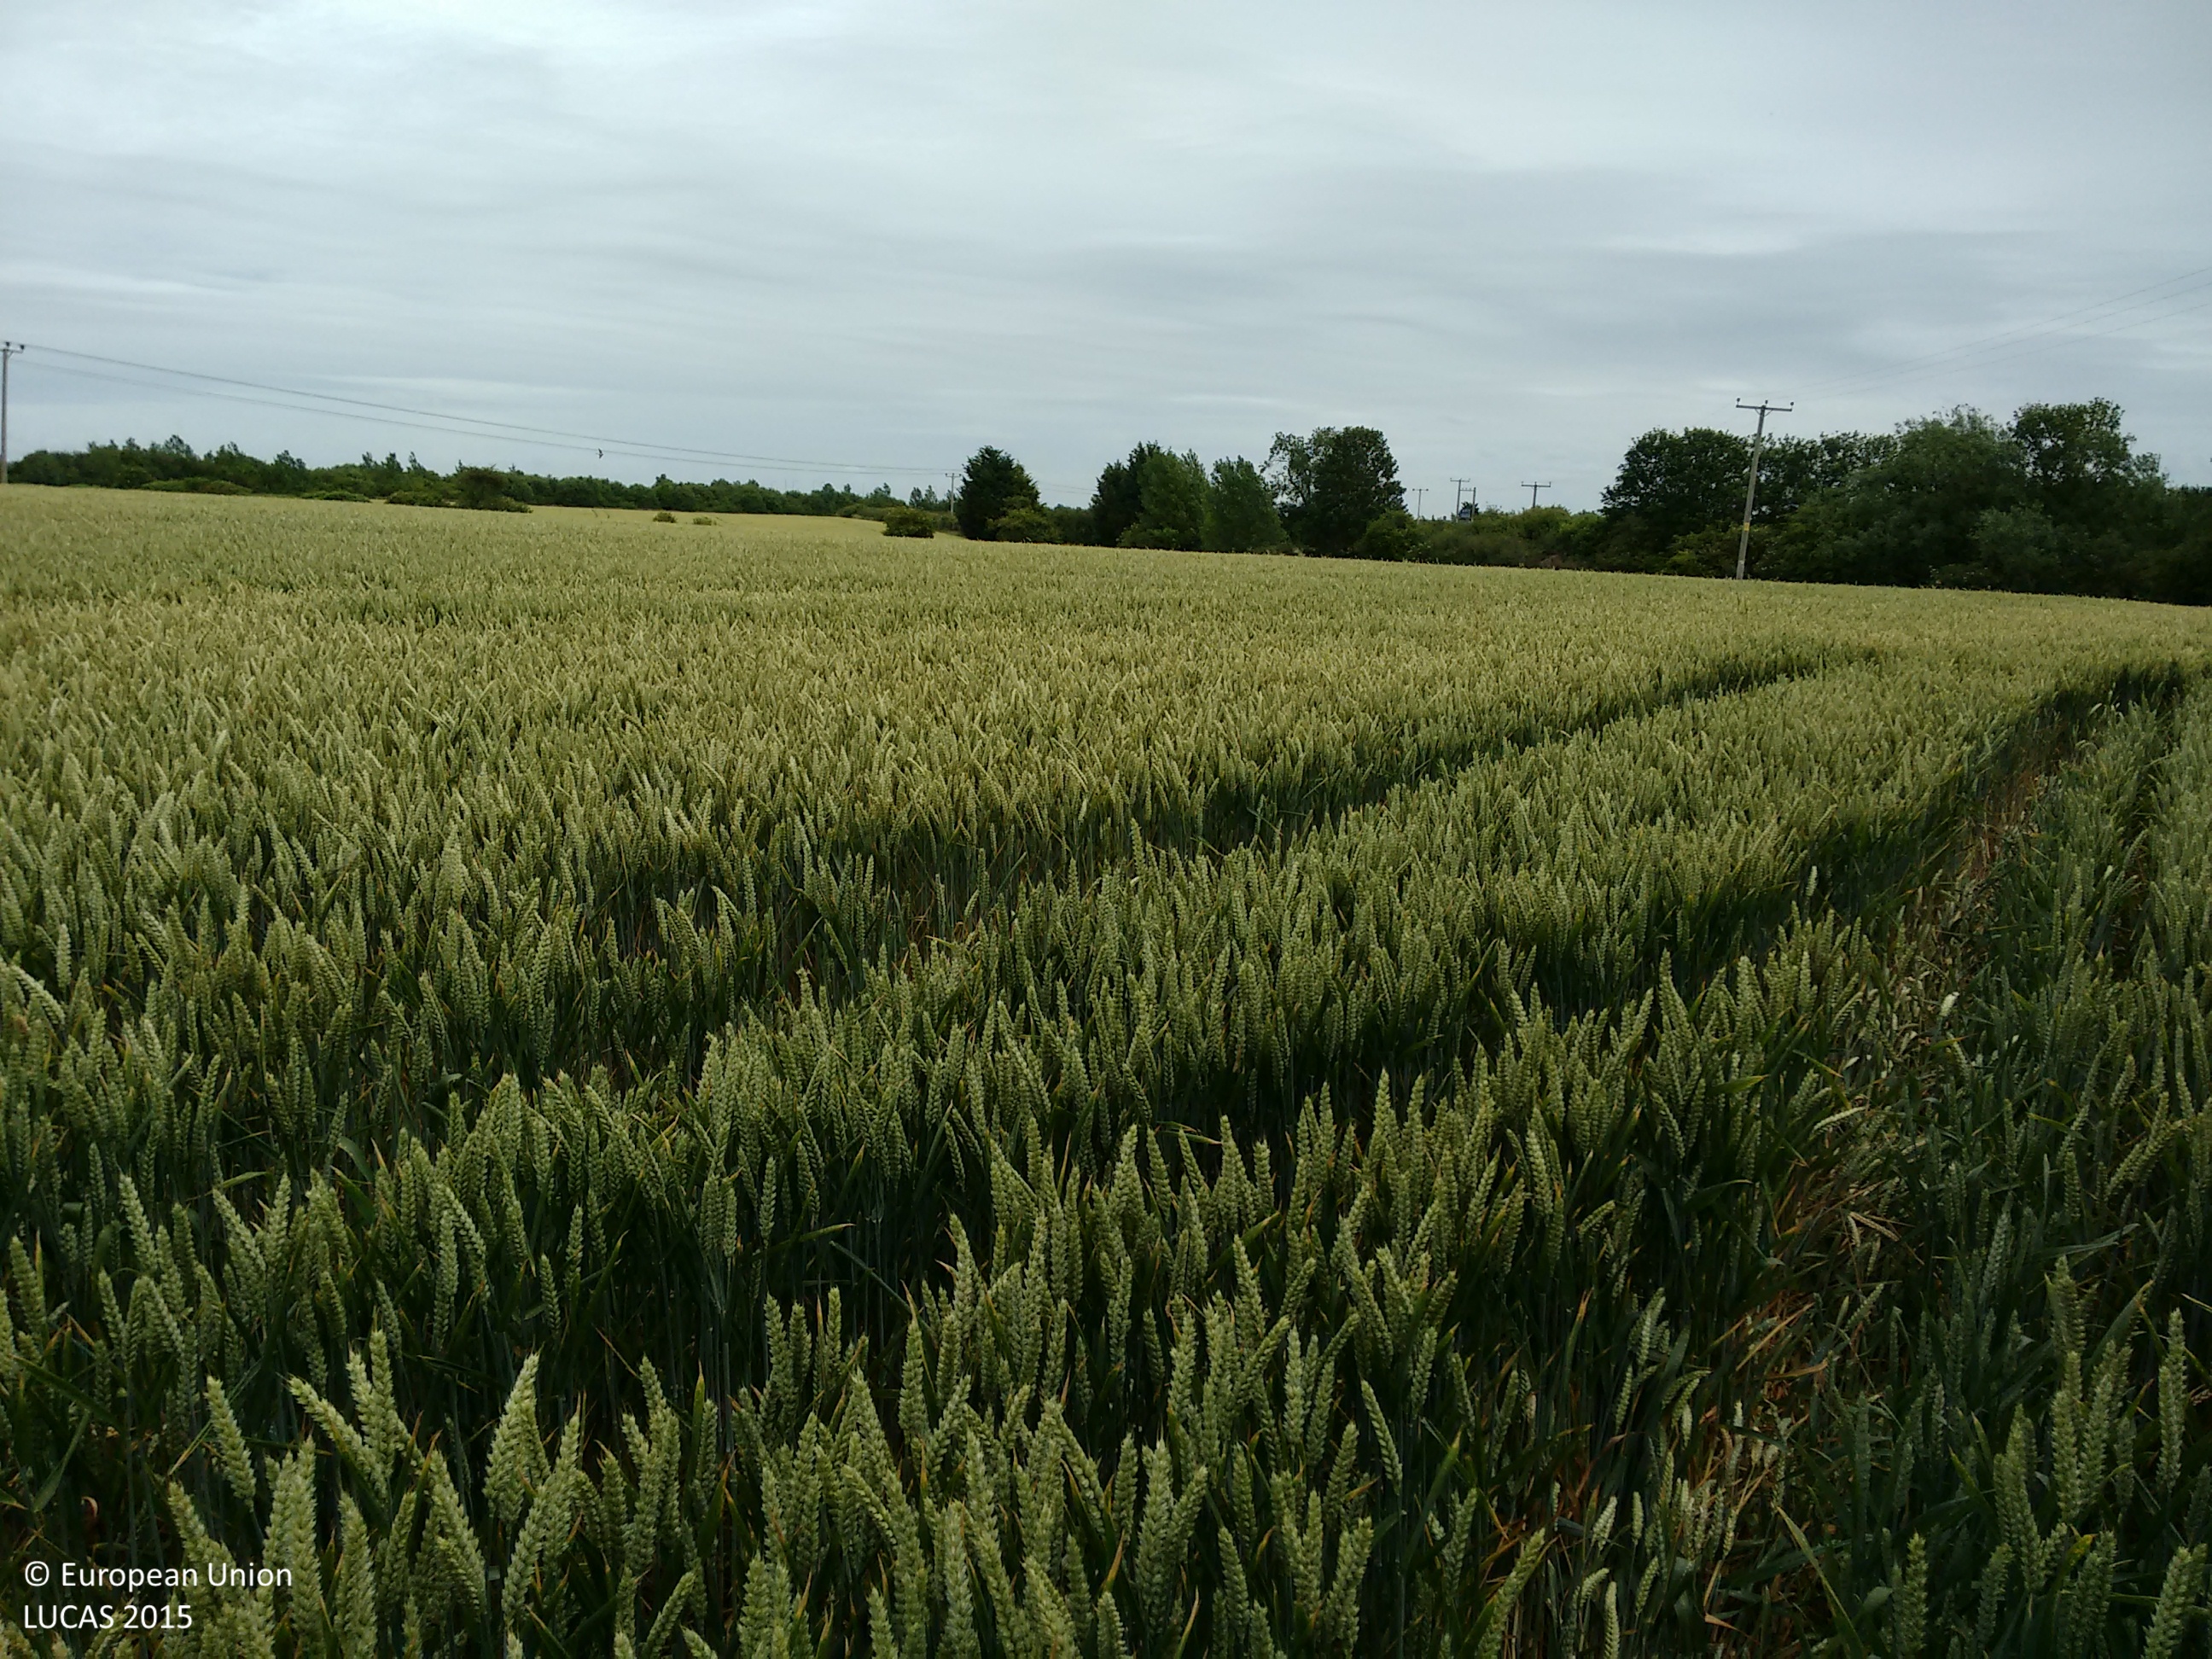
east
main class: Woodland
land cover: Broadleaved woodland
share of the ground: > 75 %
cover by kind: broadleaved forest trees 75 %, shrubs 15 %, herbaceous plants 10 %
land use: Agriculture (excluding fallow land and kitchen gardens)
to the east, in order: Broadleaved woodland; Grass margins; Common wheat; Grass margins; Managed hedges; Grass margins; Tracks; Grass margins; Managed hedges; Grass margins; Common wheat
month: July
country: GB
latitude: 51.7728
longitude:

..........

## PROBLEM STATEMENT
Everything in the records except the pictures should be printed again exactly.

## EXERCISE ANSWER
east
main class: Woodland
land cover: Broadleaved woodland
share of the ground: > 75 %
cover by kind: broadleaved forest trees 75 %, shrubs 15 %, herbaceous plants 10 %
land use: Agriculture (excluding fallow land and kitchen gardens)
to the east, in order: Broadleaved woodland; Grass margins; Common wheat; Grass margins; Managed hedges; Grass margins; Tracks; Grass margins; Managed hedges; Grass margins; Common wheat
month: July
country: GB
latitude: 51.7728
longitude:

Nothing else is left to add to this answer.